Gdy zostalam sama w oczekiwaniu na powrot przyjaciolki weszlam do pokoju Mateusza aby otworzyc okno i przewietrzyc ten zaduch, ktory wypelnial caly dom.
Gdy uchylilam okno, wychodzac z pokoju uslyszalam pewien dzwiek...odwrocilam sie i zobaczylam,ze przez otwarte okno wlecial do pokoju piekny niebiesko-fioletowy golab...wygladal jak cudo, taki piekny, delikatny i tajemniczy....
Jak zahipnotyzowana stalam w progu i patrzylam na jego piekne oczy, ktorymi na mnie patrzyl....patrzyl nieustannie...
Wrocilam, usiadlam na lozku Mateusza a on wlecial dalej i usiadl na oparciu kanapy.
Lzy plynely mi po policzkach a on siedzial i patrzyl, w jego oczach dostrzeglam piekno, nieopisany spokoj i wyciszenie....
Pierwszy raz od przekroczenia progu domu poczulam pewne cieplo...
Tylko ON i ja...wpatrzeni w siebie przez ok 30 minut...mysli klebily mi sie w glowie...sama nie dowierzalam w to co widze i co czuje w tamtej chwili...

Nagdle uslyszalam odglos trzaskajacych drzwi wejsciowych...to byla ona, wrocila z wielkimi torbami pelnymi plynow, proszkow i odswierzaczy powietrza...a on ...prawie nie drgnal, po woli nie odrywaja ode mnie wzroku wskoczyl na parapet...lecz nie odfrunal przez otwarte caly czas okno.
Gdy weszla Gizia i go zobaczyla...az zaniemowila...patrzyla na mnie i na niego wpatrzonych w siebie...
To byly magiczne chwile...


Na poczatku to ona szorowala, odkurzala i sprzatala moj dom a ja chodzilam za nia ze scierka... i tak naprawde nie robilam nic, zupelnie nic...myslalam jedynie o nim, tym pieknym i magicznym ptaku..
Ona probowala odwrocic moja uwage, robila wszystko abym wrocila do siebie i wziela sie w garsc.... i tak po prawie 2 godzinach zaczelam czyscic brudne okna...

....a on tam caly czas byl i patrzyl na mnie, wciaz mnie obserwowal... a ja co pewien czas zagladalam aby sprawdzic czy to nie sen...i to nie byl sen a ona zrobilamu zdjecie...

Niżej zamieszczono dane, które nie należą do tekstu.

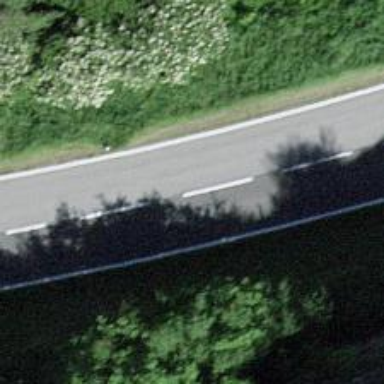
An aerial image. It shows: Secondary road with asphalt surface.
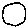
Label: circle
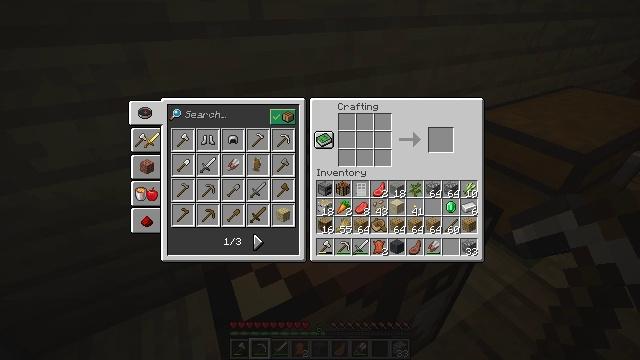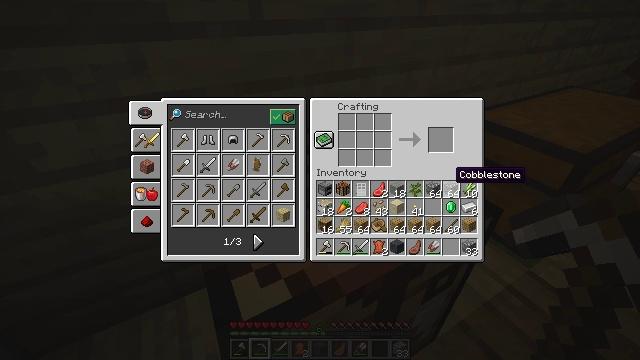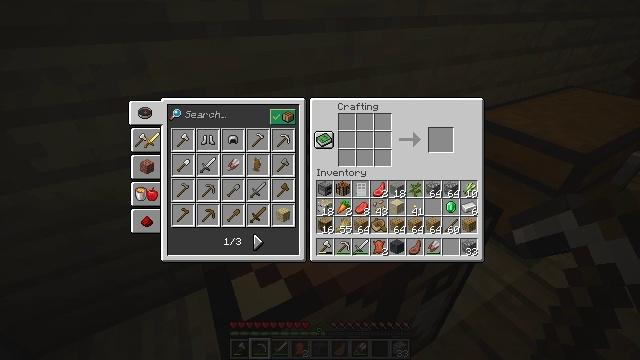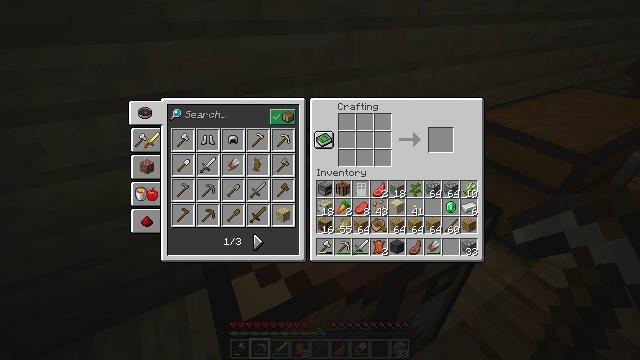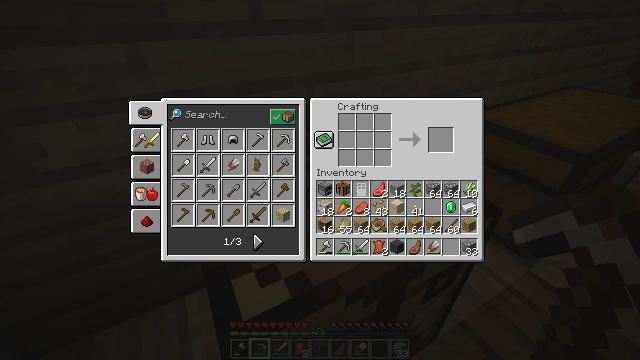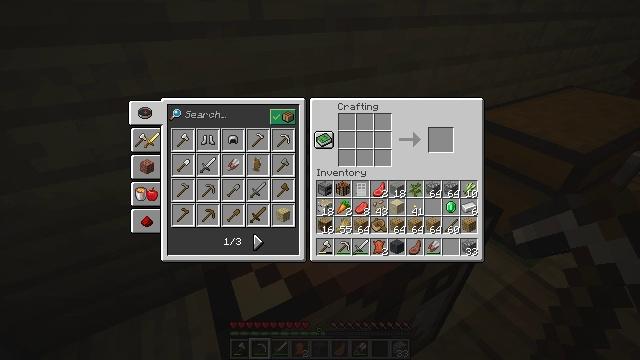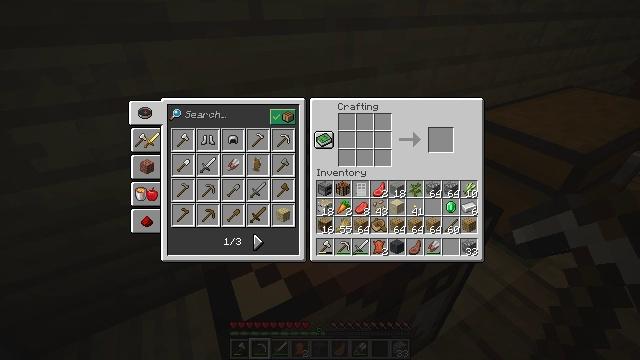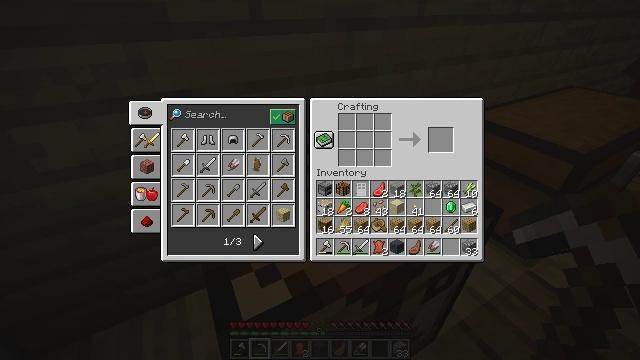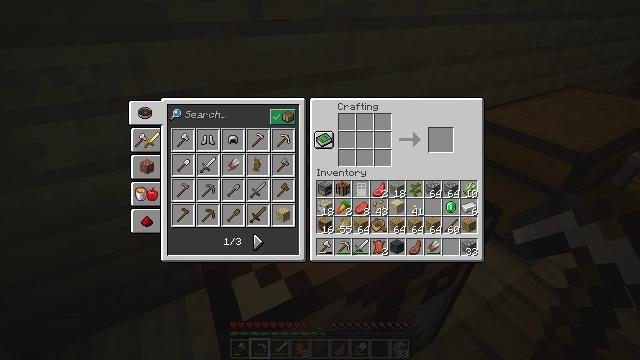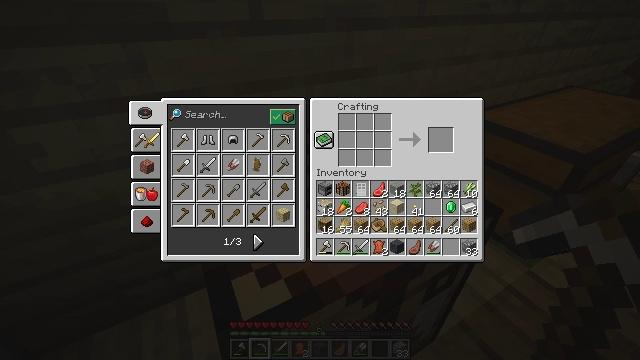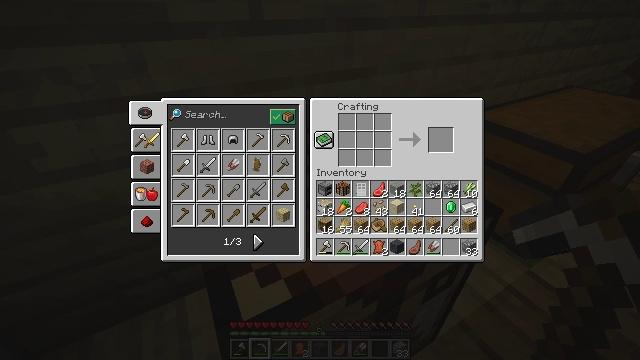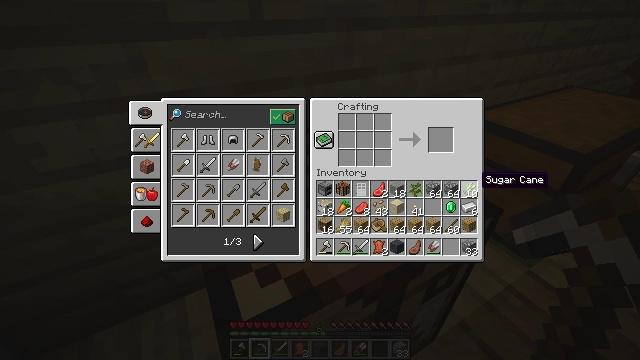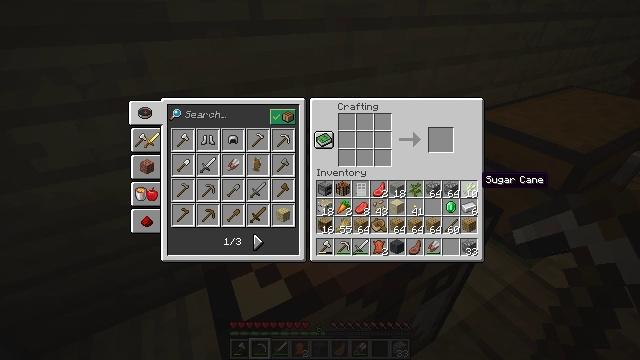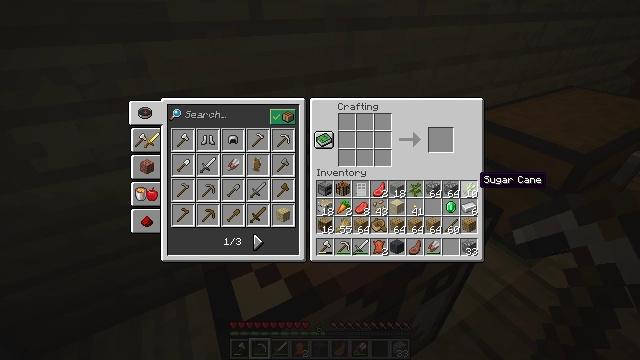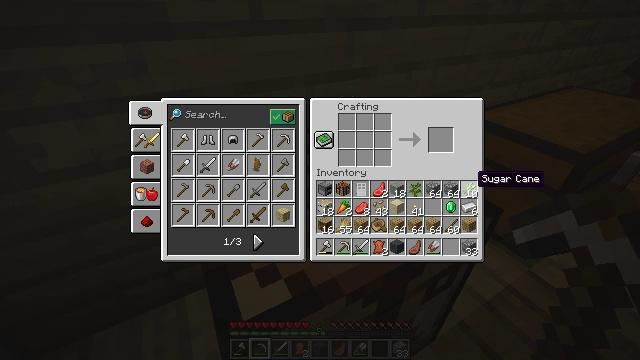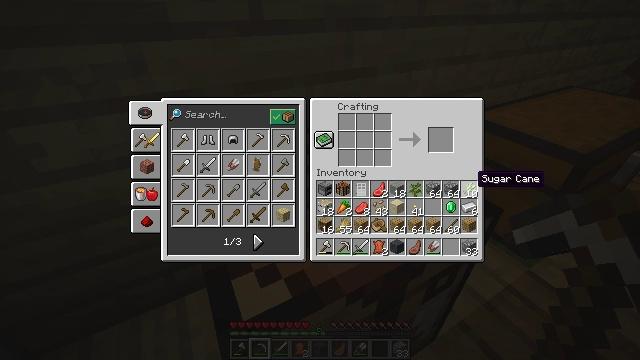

W pewnym momencie pomyslalam sobie,pierwszy raz od wczorajszego wieczoru,ze ...DAM RADE, ze sie nie zalamie, doprowadze dom do dawnego wygladu i spedze mimo przeciwnosciom losu swoj wyteskniony urlop...wlasnie tu, tak jak marzylam!

...ponownie usiadlam na lozku Mateusza i patrzac mu w oczy powiedzialam: DAM RADE ! bedzie dobrze!...i otaralam ostatnie lzy....

Po krotkiej chwili glab podszed do mnie po parapecie, niemal na wyciagniecie dloni, spojrzal ostatni raz na mnie swym cieplym spojrzeniem... i po woli wycofal sie w strone otwartego okna i ....odfrunal....odfrunal ale zostawil mnie juz calkiem inna, wyciszona, pogodzona z losem i pelna energi i wiary...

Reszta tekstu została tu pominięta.